▶ **Required action**: Lines from the one with "Logged at 5.7 seconds after image 1." to the end of the material, both included: print them exactly and print nothing else. Omit the pictures.

▶ **Extracted material**:

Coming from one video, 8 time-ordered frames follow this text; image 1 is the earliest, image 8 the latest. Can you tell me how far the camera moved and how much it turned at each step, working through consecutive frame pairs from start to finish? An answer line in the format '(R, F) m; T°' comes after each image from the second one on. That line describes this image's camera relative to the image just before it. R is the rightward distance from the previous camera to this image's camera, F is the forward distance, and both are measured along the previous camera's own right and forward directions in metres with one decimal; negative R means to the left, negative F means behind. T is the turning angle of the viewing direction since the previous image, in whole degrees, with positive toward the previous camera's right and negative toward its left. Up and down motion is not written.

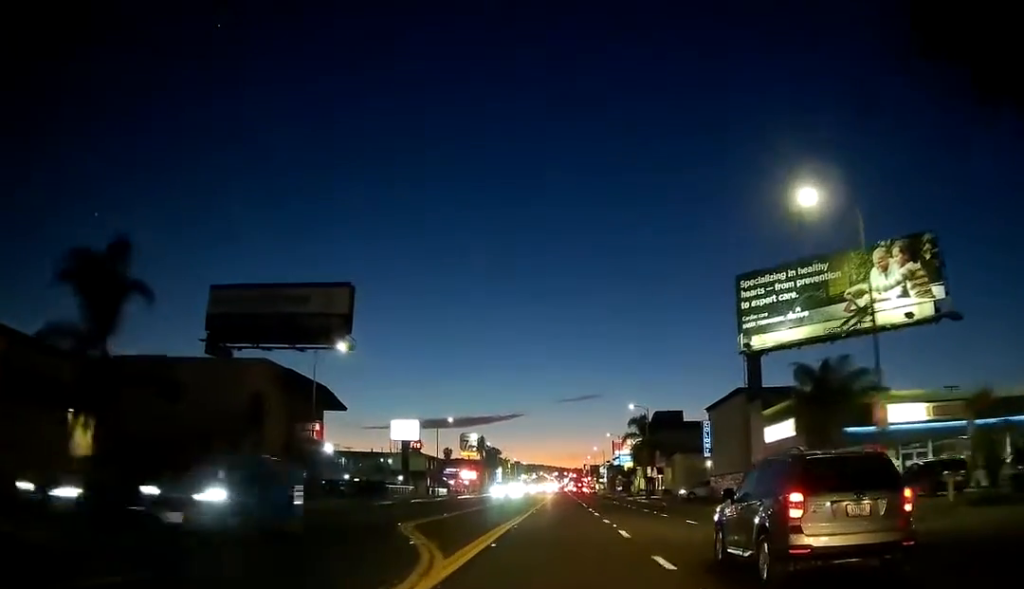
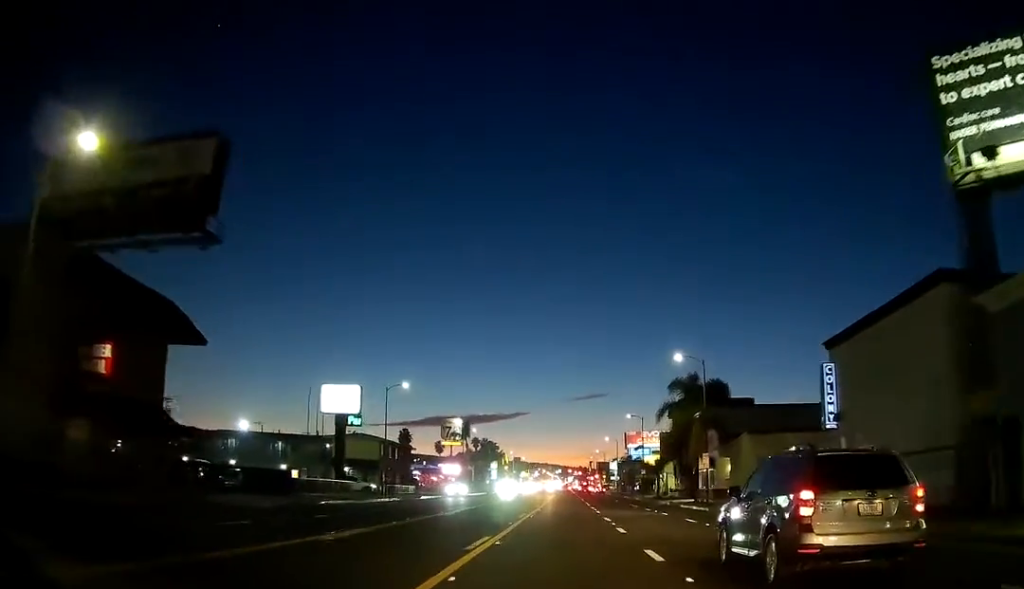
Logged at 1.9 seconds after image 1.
(+0.3, +29.0) m; +1°
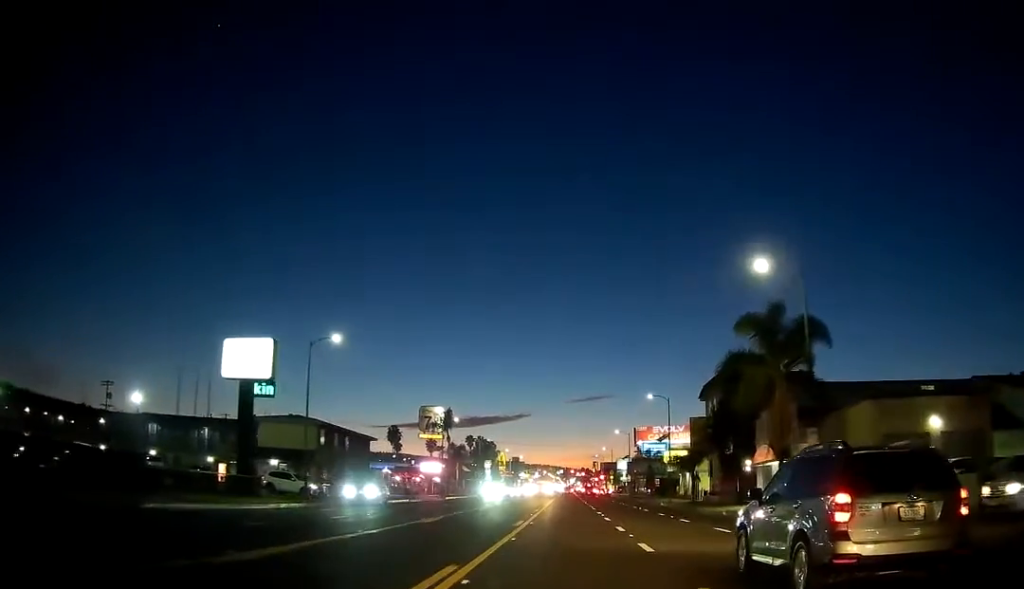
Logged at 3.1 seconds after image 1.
(+0.2, +20.5) m; 0°
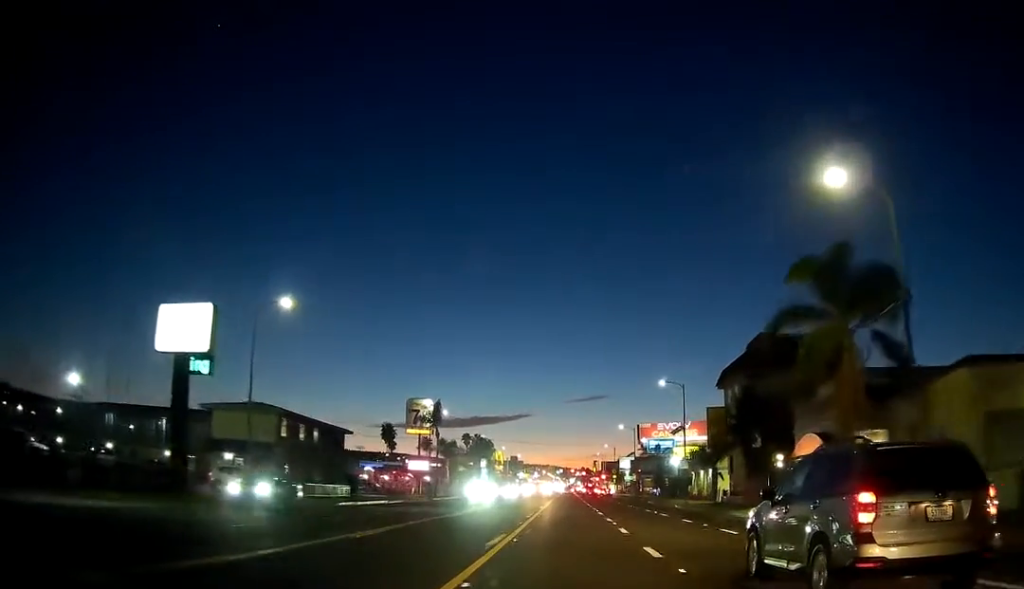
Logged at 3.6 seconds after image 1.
(0.0, +8.3) m; 0°
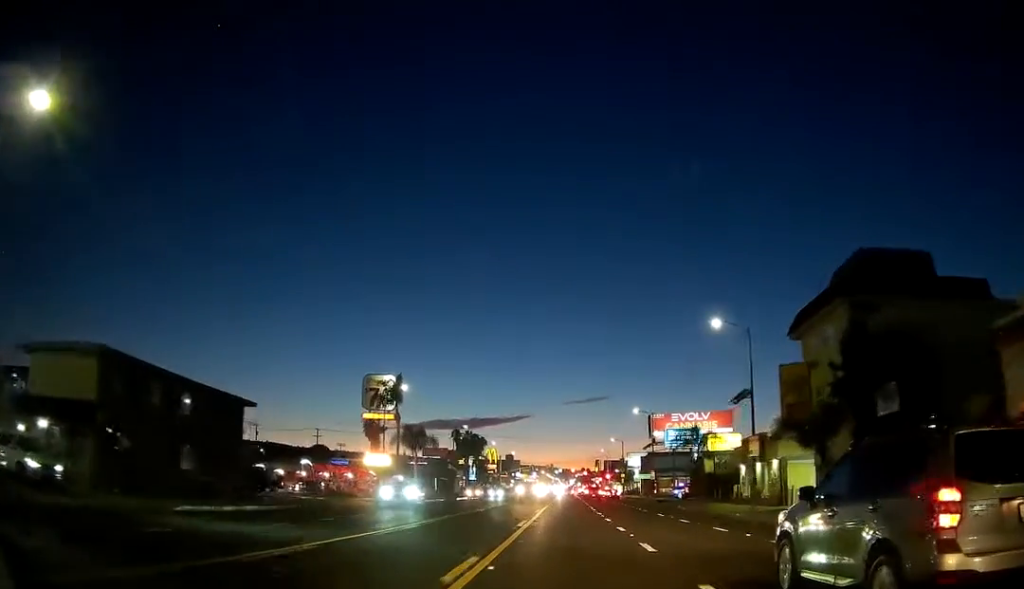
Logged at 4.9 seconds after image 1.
(-0.2, +21.2) m; -1°
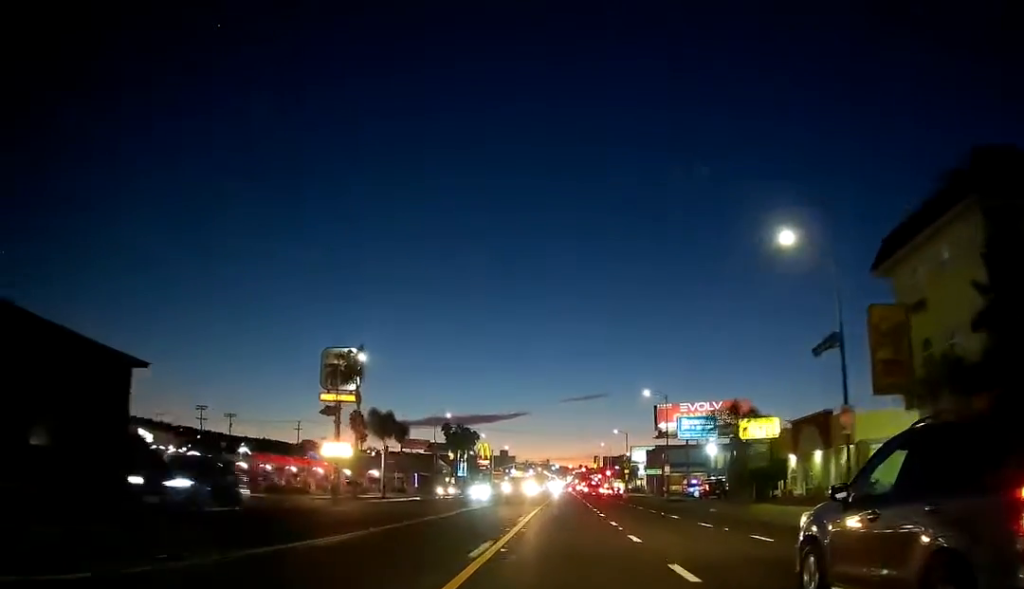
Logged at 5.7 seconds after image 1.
(0.0, +13.0) m; 0°
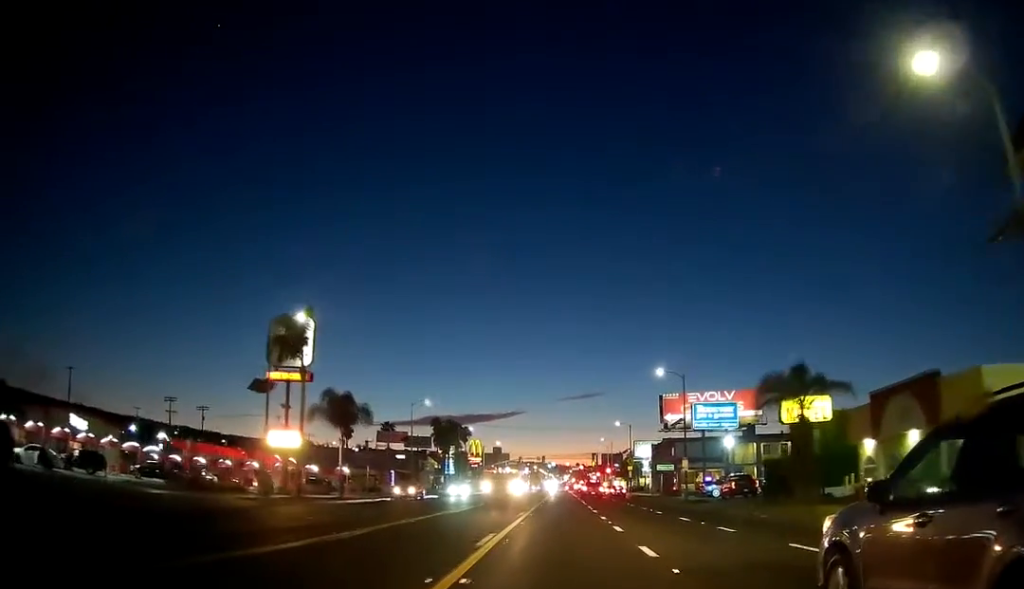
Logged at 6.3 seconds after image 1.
(0.0, +11.2) m; 0°
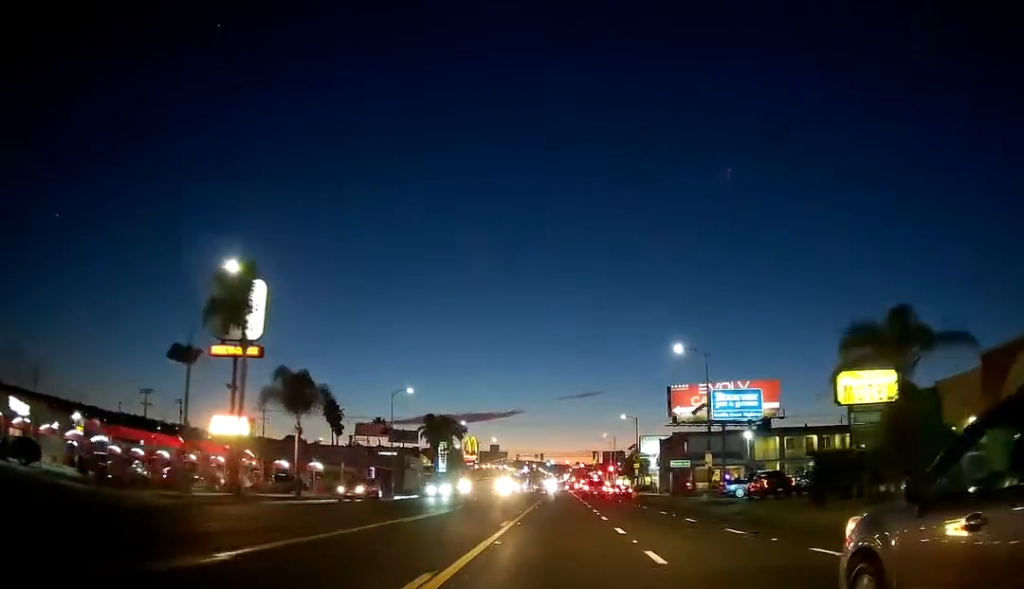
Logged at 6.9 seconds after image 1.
(+0.1, +8.8) m; 0°

▶ **Solution to the problem**:
Logged at 5.7 seconds after image 1.
(0.0, +13.0) m; 0°
Logged at 6.3 seconds after image 1.
(0.0, +11.2) m; 0°
Logged at 6.9 seconds after image 1.
(+0.1, +8.8) m; 0°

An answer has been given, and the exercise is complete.